Iida Y, Senda T, Matsukawa Y, Onoda K, Miyazaki J I, Sakaguchi H, Nimura Y, Hidaka H, Niki I
Department of Pharmacology, Nagoya University School of Medicine, Japan.
Am J Physiol. 1997 Oct;273(4):E782-9. doi: 10.1152/ajpendo.1997.273.4.E782.

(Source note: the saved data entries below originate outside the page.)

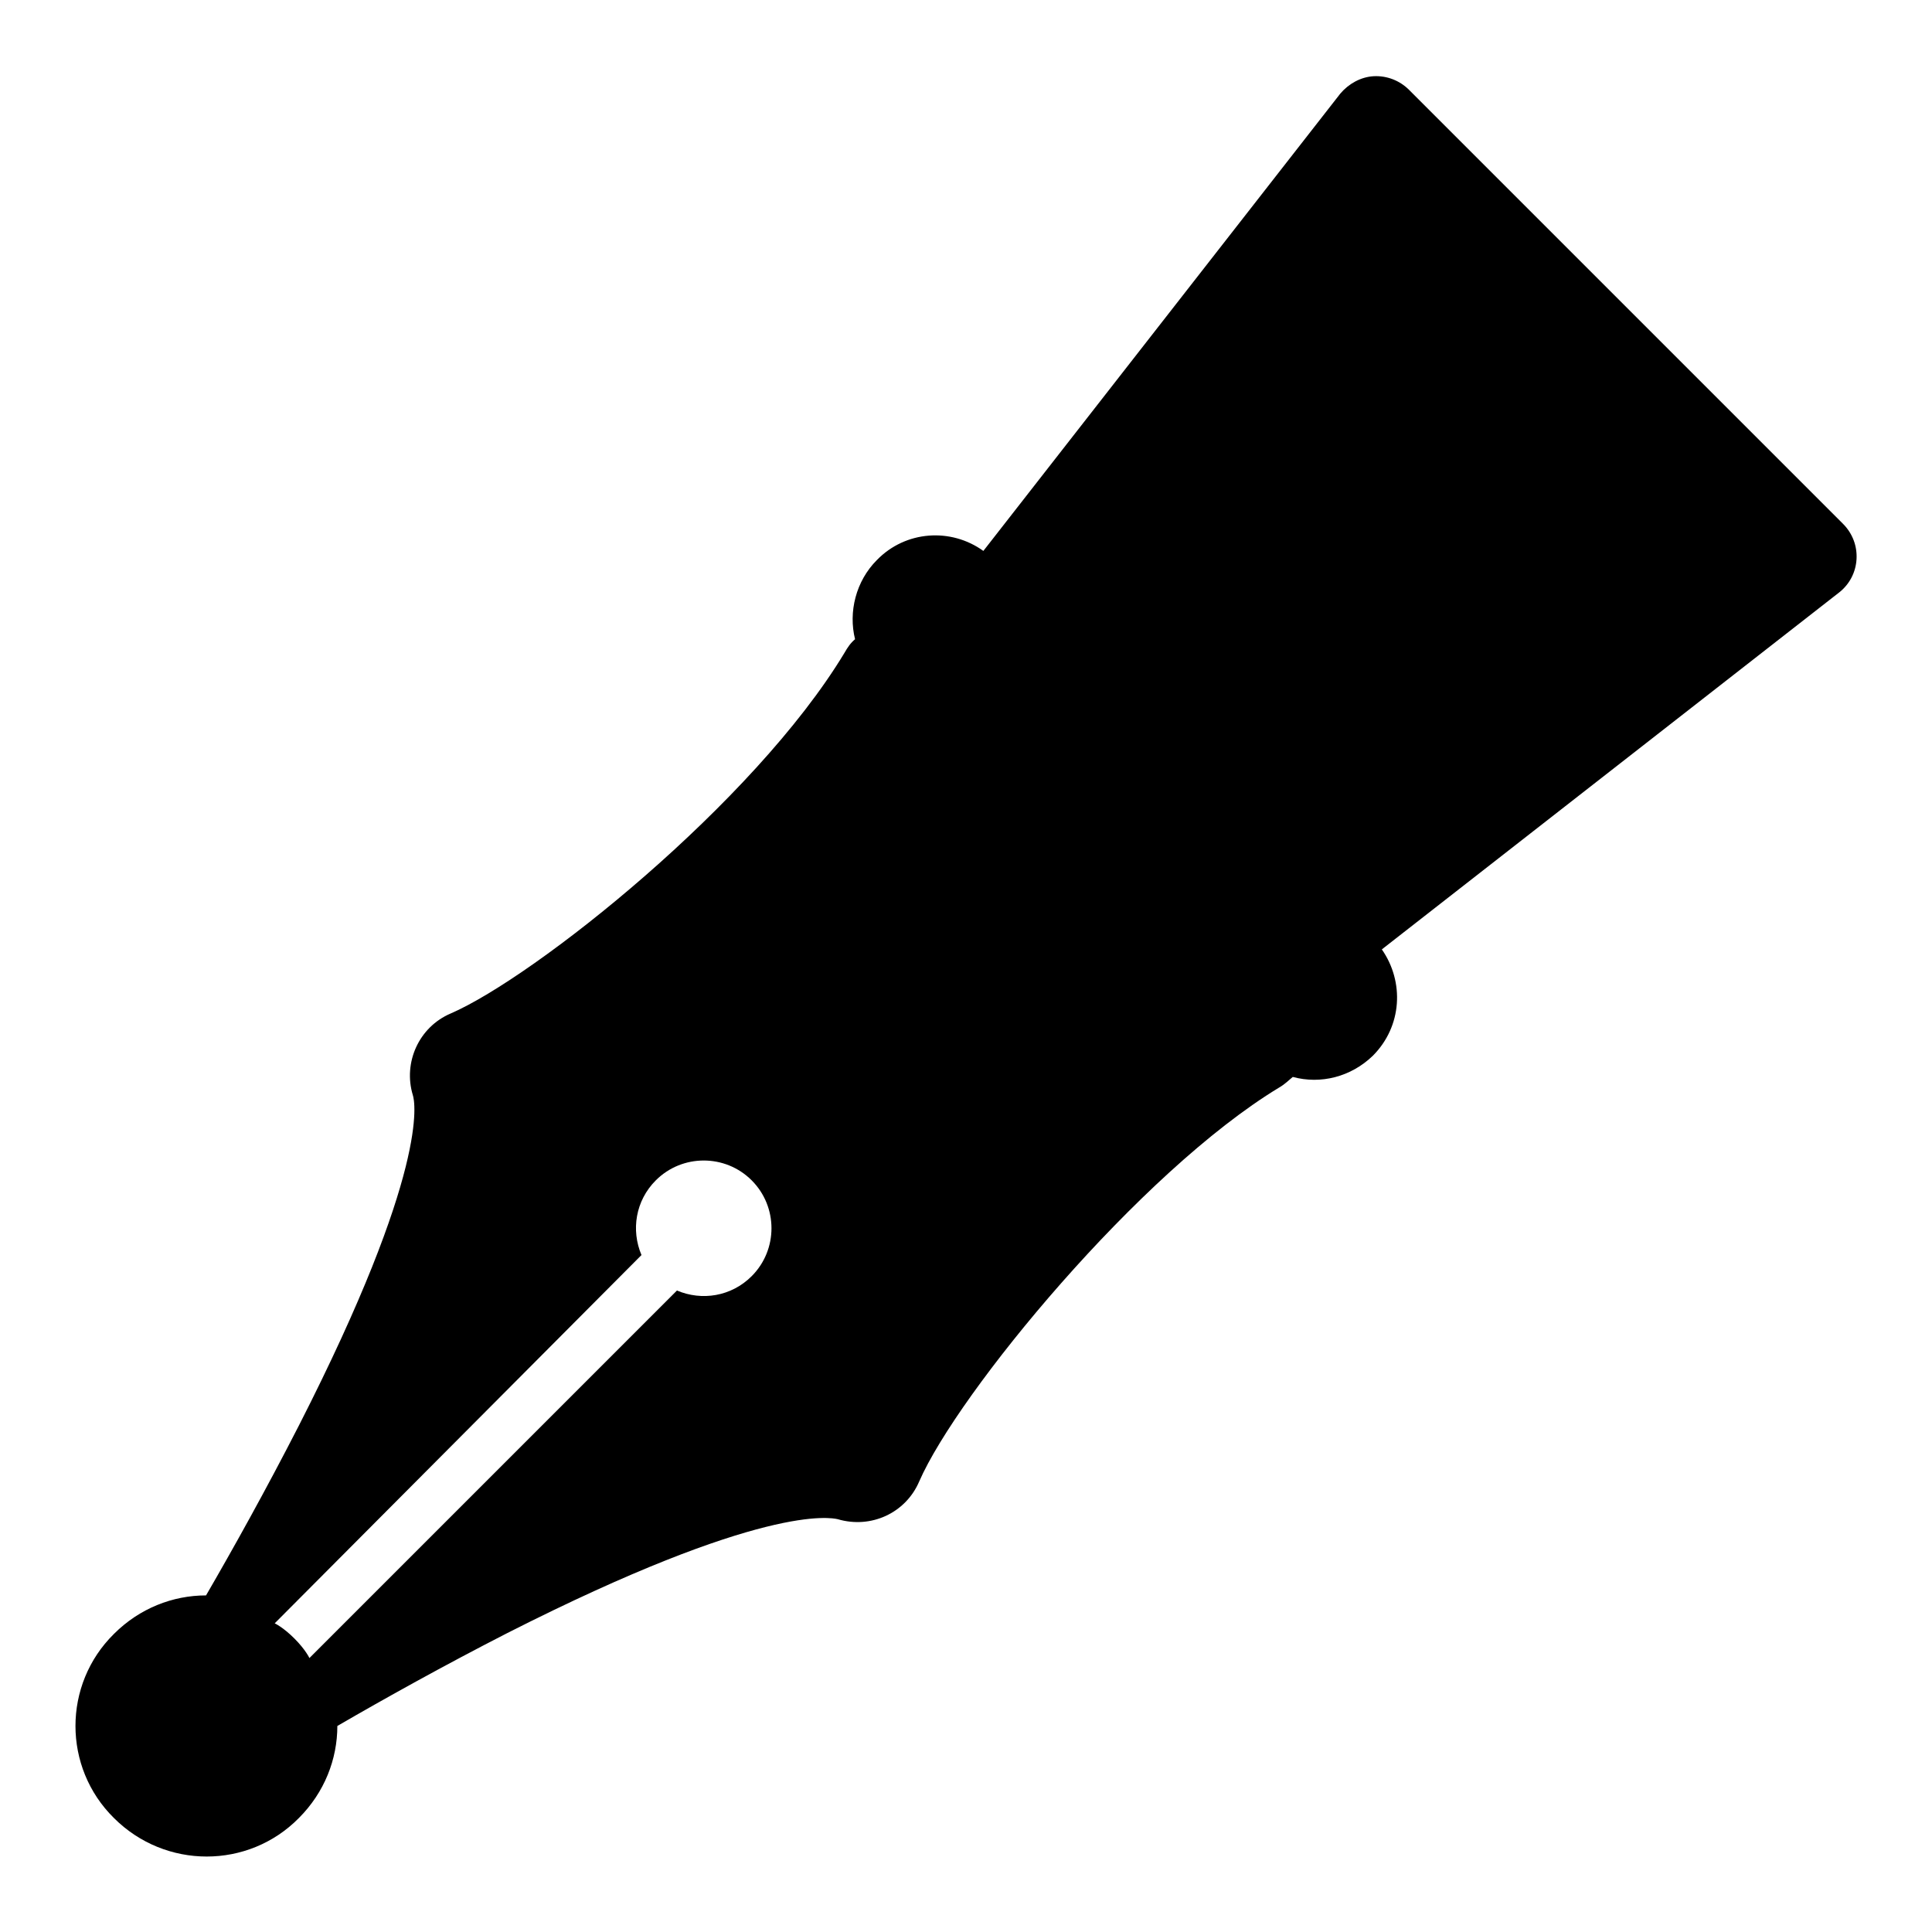 <?xml version="1.0" encoding="utf-8"?>
<!-- Svg Vector Icons : http://www.onlinewebfonts.com/icon -->
<!DOCTYPE svg PUBLIC "-//W3C//DTD SVG 1.1//EN" "http://www.w3.org/Graphics/SVG/1.1/DTD/svg11.dtd">
<svg version="1.1" xmlns="http://www.w3.org/2000/svg" xmlns:xlink="http://www.w3.org/1999/xlink" x="0px" y="0px" viewBox="0 0 256 256" enable-background="new 0 0 256 256" xml:space="preserve">
<g><g><g><path fill="#000000" d="M15.1,240.9c6.8,6.8,17.8,6.8,24.5,0c3.4-3.4,5.1-7.8,5.1-12.2c6.2-3.6,14.1-8,22.5-12.3c33.9-17.2,42.9-15.3,43.8-15.1c4.4,1.3,9-0.8,10.8-5c5.1-11.7,29.2-41,47.7-52.2c0.7-0.4,1.2-0.9,1.8-1.4c3.7,1,7.7,0,10.6-2.8c3.9-3.9,4.2-9.8,1.2-14.1l60.6-47.3c1.4-1.1,2.2-2.7,2.3-4.4c0.1-1.7-0.5-3.4-1.8-4.7l-57.5-57.5c-1.2-1.2-2.9-1.9-4.7-1.8c-1.7,0.1-3.3,1-4.4,2.3L130.3,73c-4.3-3.1-10.3-2.7-14.1,1.2c-2.8,2.8-3.8,6.9-2.9,10.5c-0.6,0.5-1,1.1-1.4,1.8c-12,19.9-41.1,43-52.2,47.8c-4.2,1.8-6.3,6.5-5,10.8c0.3,0.9,2.2,9.9-15.1,43.8c-4.3,8.4-8.7,16.3-12.3,22.5c-4.4,0-8.8,1.7-12.2,5.1C8.3,223.2,8.3,234.2,15.1,240.9z M85,166.3c-1.4-3.3-0.8-7.2,1.9-9.9c3.5-3.5,9.2-3.5,12.7,0c3.5,3.5,3.5,9.2,0,12.7c-2.7,2.7-6.6,3.3-9.9,1.9l-48.7,48.7c0,0-0.5-1.1-2-2.6c-1.5-1.5-2.6-2-2.6-2L85,166.3z"/></g><g></g><g></g><g></g><g></g><g></g><g></g><g></g><g></g><g></g><g></g><g></g><g></g><g></g><g></g><g></g></g></g>
</svg>

The aim of this study was to investigate how insulin secretion is controlled by phosphorylation of the myosin light chain (MLC). Ca2+-evoked insulin release from pancreatic islets permeabilized with streptolysin O was inhibited by different monoclonal antibodies against myosin light-chain kinase (MLCK) to an extent parallel to their inhibition of purified MLCK. Anti-MLCK antibody also inhibited insulin release caused by the stable GTP analog guanosine 5'-O-(3-thiodiphosphate), even at a substimulatory concentration (0.1 microM) of Ca2+. Free Ca2+ increased MLC peptide phosphorylation by beta-cell extracts in vitro. In contrast to the phosphorylation by purified MLCK or by calmodulin (CaM) kinase II, the activity partially remained with the beta-cell under nonstimulatory Ca2+ (0.1 microM) conditions. The MLCK inhibitor ML-9 inhibited the activity in the beta-cell with both substimulatory and stimulatory Ca2+, whereas KN-62, an inhibitor of CaM kinase II, only exerted an influence in the latter case. ML-9 decreased intracellular granule movement in MIN6 cells under basal and acetylcholine-stimulated conditions. We propose that MLC phosphorylation may modulate translocation of secretory granules, resulting in enhanced insulin secretion.
本研究的目的是探究肌球蛋白轻链(MLC)磷酸化如何控制胰岛素分泌。用链球菌溶血素O通透处理的胰岛中,Ca2+诱发的胰岛素释放受到不同抗肌球蛋白轻链激酶(MLCK)单克隆抗体的抑制,其抑制程度与它们对纯化的MLCK的抑制程度平行。抗MLCK抗体也抑制了由稳定的GTP类似物鸟苷5'-O-(3-硫代二磷酸)引起的胰岛素释放,即使在亚刺激浓度(0.1微摩尔)的Ca2+条件下也是如此。游离Ca2+在体外增加了β细胞提取物对MLC肽的磷酸化。与纯化的MLCK或钙调蛋白(CaM)激酶II的磷酸化作用不同,在非刺激的Ca2+(0.1微摩尔)条件下,该活性部分保留在β细胞中。MLCK抑制剂ML-9在亚刺激和刺激的Ca2+条件下均抑制β细胞中的活性,而CaM激酶II的抑制剂KN-62仅在后者情况下发挥作用。在基础和乙酰胆碱刺激条件下,ML-9减少了MIN6细胞内颗粒的移动。我们提出,MLC磷酸化可能调节分泌颗粒的转运,从而导致胰岛素分泌增加。